太困了,他很想马上把所有的事情都解决掉然后休息,脑回路也直接了很多。

“你是觉得之前很丢脸嘛。具体是哪里丢脸呢?是因为被别人看见自己那种样子,还是被标记、强行产生羁绊的感觉不舒服,还是说单纯是被触碰的时候不太喜欢。”风雅向来是体贴的,他看向黑时宰的喉咙,眼里满满的服务精神,“毕竟你那个时候尖叫得很厉害,至少嗓子肯定不舒服,我知道一个对嗓子好的小甜水,你要的话我现在可以爬起来给你煮?”

短短两分钟,黑时宰觉得这辈子全部的黑历史都已经出现了。

真真是眼前一黑,气死人了。

“闭嘴!”

他一把握住把柄,相当用力,看着风雅脸上的痛苦神色和没能压住痛呼,才稍微觉得满意些。

要不是在浴缸里,左右都是水,风雅已经汗流浃背了。

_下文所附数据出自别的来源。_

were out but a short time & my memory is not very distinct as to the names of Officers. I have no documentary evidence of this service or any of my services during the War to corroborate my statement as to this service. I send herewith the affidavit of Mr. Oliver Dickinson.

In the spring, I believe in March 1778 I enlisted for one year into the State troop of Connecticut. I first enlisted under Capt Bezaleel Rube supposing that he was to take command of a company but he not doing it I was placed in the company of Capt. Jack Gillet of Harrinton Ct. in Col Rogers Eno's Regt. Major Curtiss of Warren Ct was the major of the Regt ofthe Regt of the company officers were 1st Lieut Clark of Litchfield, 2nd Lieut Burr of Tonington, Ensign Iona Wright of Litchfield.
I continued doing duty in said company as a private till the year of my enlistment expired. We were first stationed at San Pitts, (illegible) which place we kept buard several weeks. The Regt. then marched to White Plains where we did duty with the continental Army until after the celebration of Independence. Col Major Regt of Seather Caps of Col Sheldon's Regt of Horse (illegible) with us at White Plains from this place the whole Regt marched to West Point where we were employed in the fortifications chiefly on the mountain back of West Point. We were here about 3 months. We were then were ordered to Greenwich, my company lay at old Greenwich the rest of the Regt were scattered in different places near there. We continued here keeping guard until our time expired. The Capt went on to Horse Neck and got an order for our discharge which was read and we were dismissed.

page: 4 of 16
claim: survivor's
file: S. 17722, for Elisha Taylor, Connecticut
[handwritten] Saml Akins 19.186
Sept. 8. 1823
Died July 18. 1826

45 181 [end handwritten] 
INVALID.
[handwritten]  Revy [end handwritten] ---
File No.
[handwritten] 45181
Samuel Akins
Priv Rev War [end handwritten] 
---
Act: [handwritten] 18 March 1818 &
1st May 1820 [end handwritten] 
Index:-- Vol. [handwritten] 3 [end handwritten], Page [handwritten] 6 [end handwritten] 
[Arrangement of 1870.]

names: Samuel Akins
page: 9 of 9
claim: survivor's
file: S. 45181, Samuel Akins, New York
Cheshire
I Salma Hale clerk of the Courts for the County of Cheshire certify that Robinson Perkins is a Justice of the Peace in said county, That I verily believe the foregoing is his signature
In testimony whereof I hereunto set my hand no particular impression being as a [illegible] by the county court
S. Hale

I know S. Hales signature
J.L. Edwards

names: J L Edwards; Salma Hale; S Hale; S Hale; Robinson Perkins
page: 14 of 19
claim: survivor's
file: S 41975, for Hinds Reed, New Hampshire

他很想看一下黑时宰身后有没有猫尾巴,但他那玩意也不是逗猫棒啊,抓两下真的会出事:“非要用这种报复方式吗?”他颤颤巍巍地抬头,嗓子里发出低低的叹息,眼睛里面湿漉漉的,大多是因为疼。

“你没有选择的权力。”

风雅用大脑和小脑一起思考了一下,只感觉到祖宗想玩逗猫棒。

黑时宰的手看起来倒是很漂亮的,骨骼分明,手指纤长,掌心带着点温度,但触感着实不好,指腹上都是粗糙的茧子,力气也没轻没重的。风雅用手背抵着眉心,他控制能力不怎么样,生理反应自然是有的,只是比起爽一下,他大脑里还在思考这样是不是不太对。

总感觉是奖励啊。

黑时宰也感觉到了。

风雅没有流露出那种被欺负的表情,就很奇怪,这样下去,他好像真的变成了某种服务者。他看着一号,一号的视线却散落在水面上,水珠从薄粉的肌肤上滚落,纤长的睫毛湿漉漉地结成络,唇微张着,吐息中偶尔夹杂着一点克制的低吟。不管怎么看,都和他的反应很不一样。水面不断地碎成块儿,隔着支离的光影能看见一点紧绷的腰线。

好像,和四号弄出来的反应也不一样。